_What this task involves_
Without copying the images, write out all the entries below verbatim.

_Records supplied_
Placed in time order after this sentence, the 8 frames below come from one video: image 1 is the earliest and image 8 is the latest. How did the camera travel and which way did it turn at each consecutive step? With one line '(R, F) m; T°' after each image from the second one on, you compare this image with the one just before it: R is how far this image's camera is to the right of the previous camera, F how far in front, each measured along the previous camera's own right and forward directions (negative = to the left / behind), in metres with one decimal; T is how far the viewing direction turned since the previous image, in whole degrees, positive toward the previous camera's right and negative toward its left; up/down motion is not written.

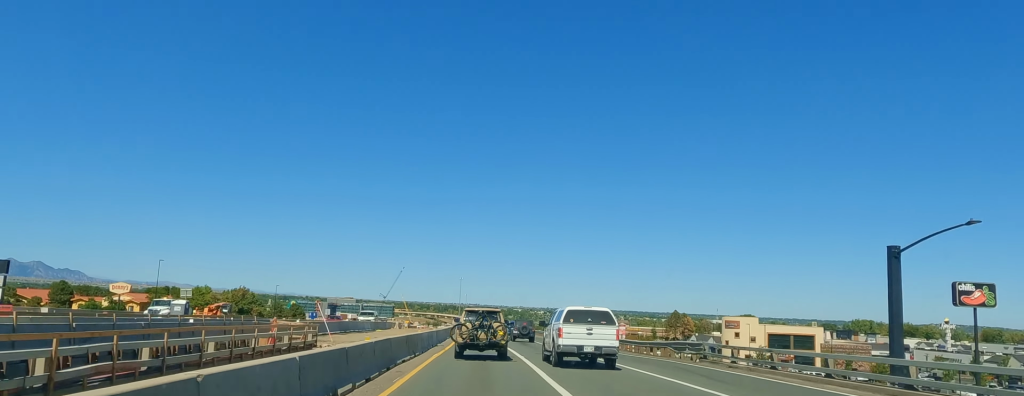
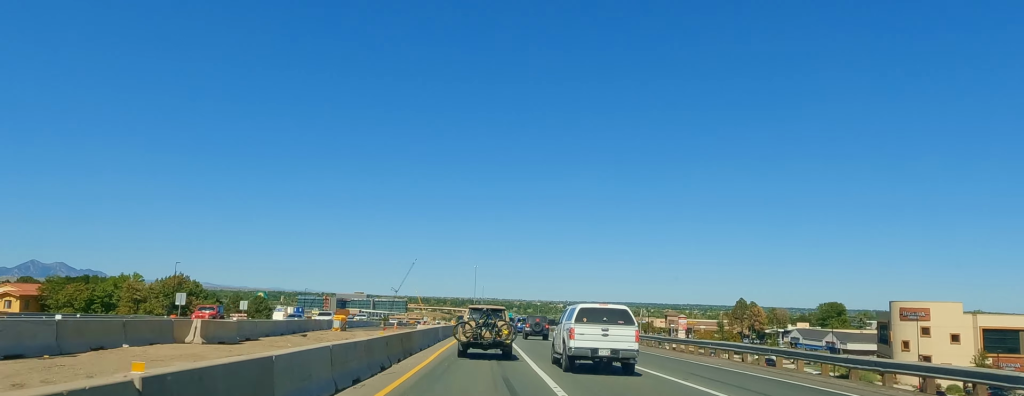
(-0.8, +67.8) m; -1°
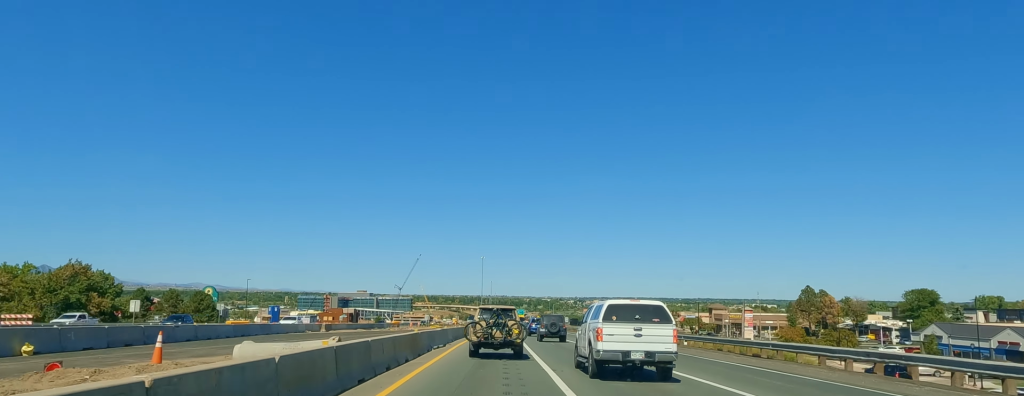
(0.0, +51.6) m; 0°
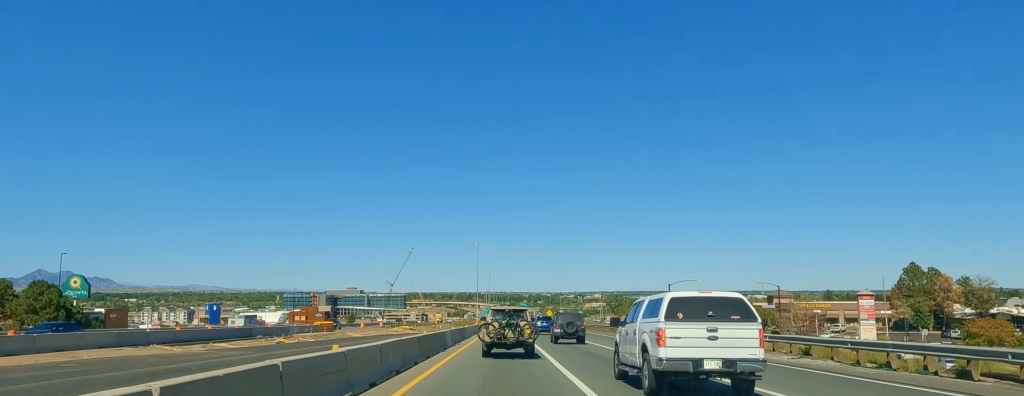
(-0.1, +59.2) m; +1°
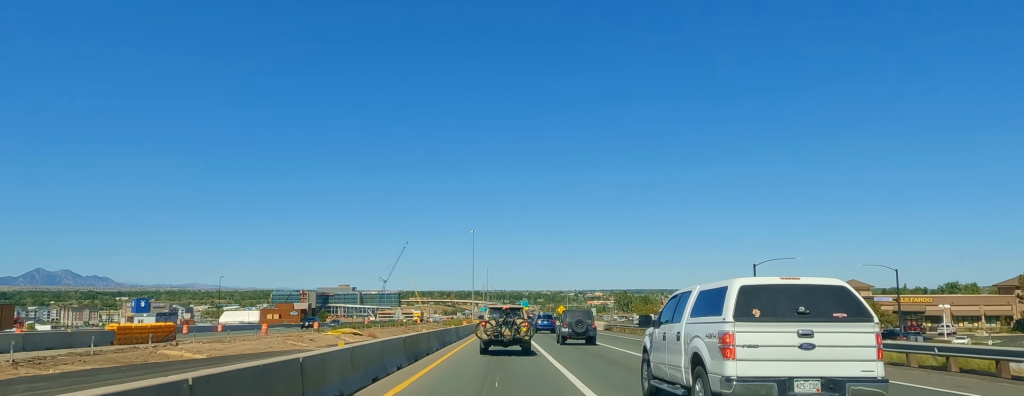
(+0.4, +43.2) m; +1°
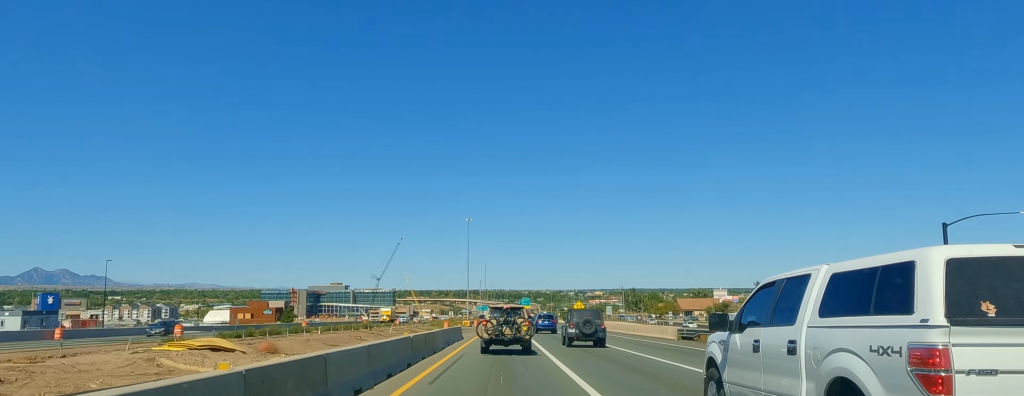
(0.0, +35.3) m; 0°
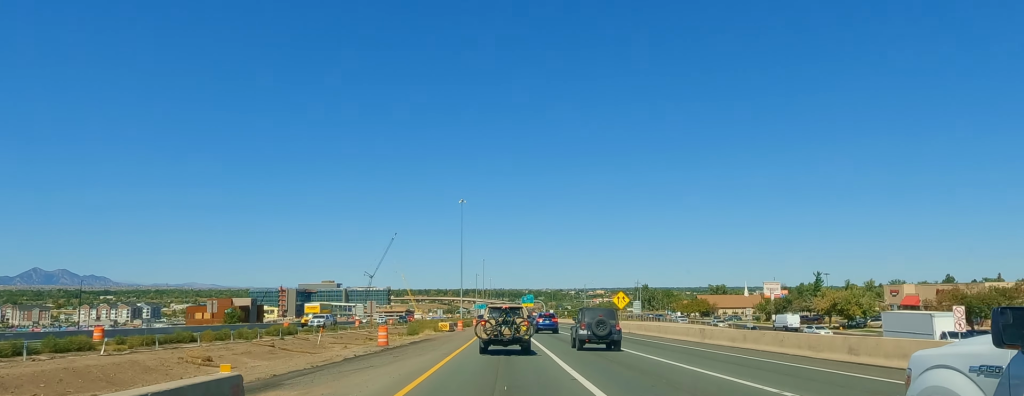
(0.0, +39.9) m; -1°
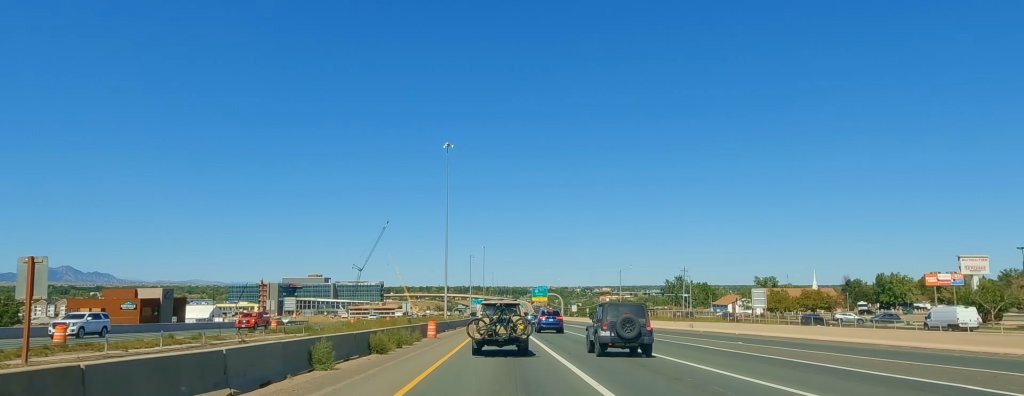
(-0.9, +69.9) m; -1°
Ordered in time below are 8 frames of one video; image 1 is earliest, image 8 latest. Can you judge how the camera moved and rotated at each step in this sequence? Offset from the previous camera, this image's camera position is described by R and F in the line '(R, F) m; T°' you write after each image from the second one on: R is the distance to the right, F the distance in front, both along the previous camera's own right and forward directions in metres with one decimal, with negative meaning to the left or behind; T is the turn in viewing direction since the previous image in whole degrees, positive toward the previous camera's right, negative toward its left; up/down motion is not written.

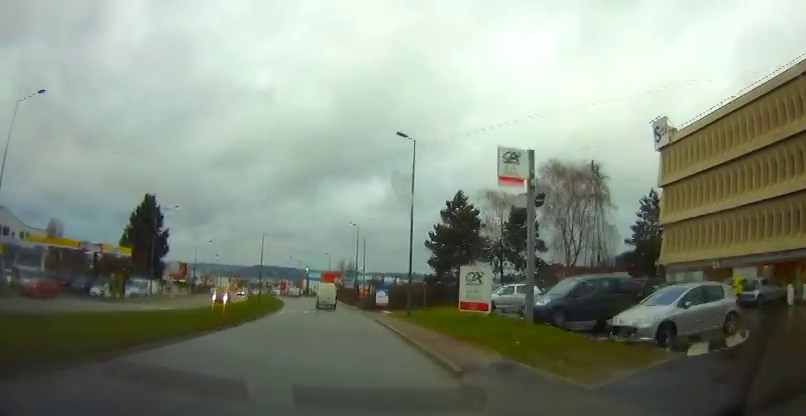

_Expected answer_
Placed in time order after this sentence, the 8 frames below come from one video: image 1 is the earliest and image 8 is the latest. How did the camera travel and which way did it turn at each consecutive step? With one line '(R, F) m; T°' after each image from the second one on, you compare this image with the one just before it: R is how far this image's camera is to the right of the previous camera, F how far in front, each measured along the previous camera's own right and forward directions (negative = to the left / behind), in metres with one decimal; T is how far the viewing direction turned since the previous image, in whole degrees, positive toward the previous camera's right and negative toward its left; up/down motion is not written.

(-0.8, +67.8) m; -1°
(0.0, +51.6) m; 0°
(-0.1, +59.2) m; +1°
(+0.4, +43.2) m; +1°
(0.0, +35.3) m; 0°
(0.0, +39.9) m; -1°
(-0.9, +69.9) m; -1°
Ordered in time below are 8 frames of one video; image 1 is earliest, image 8 latest. Can you judge how the camera moved and rotated at each step in this sequence? Offset from the previous camera, this image's camera position is described by R and F in the line '(R, F) m; T°' you write after each image from the second one on: R is the distance to the right, F the distance in front, both along the previous camera's own right and forward directions in metres with one decimal, with negative meaning to the left or behind; T is the turn in viewing direction since the previous image in whole degrees, positive toward the previous camera's right, negative toward its left; up/down motion is not written.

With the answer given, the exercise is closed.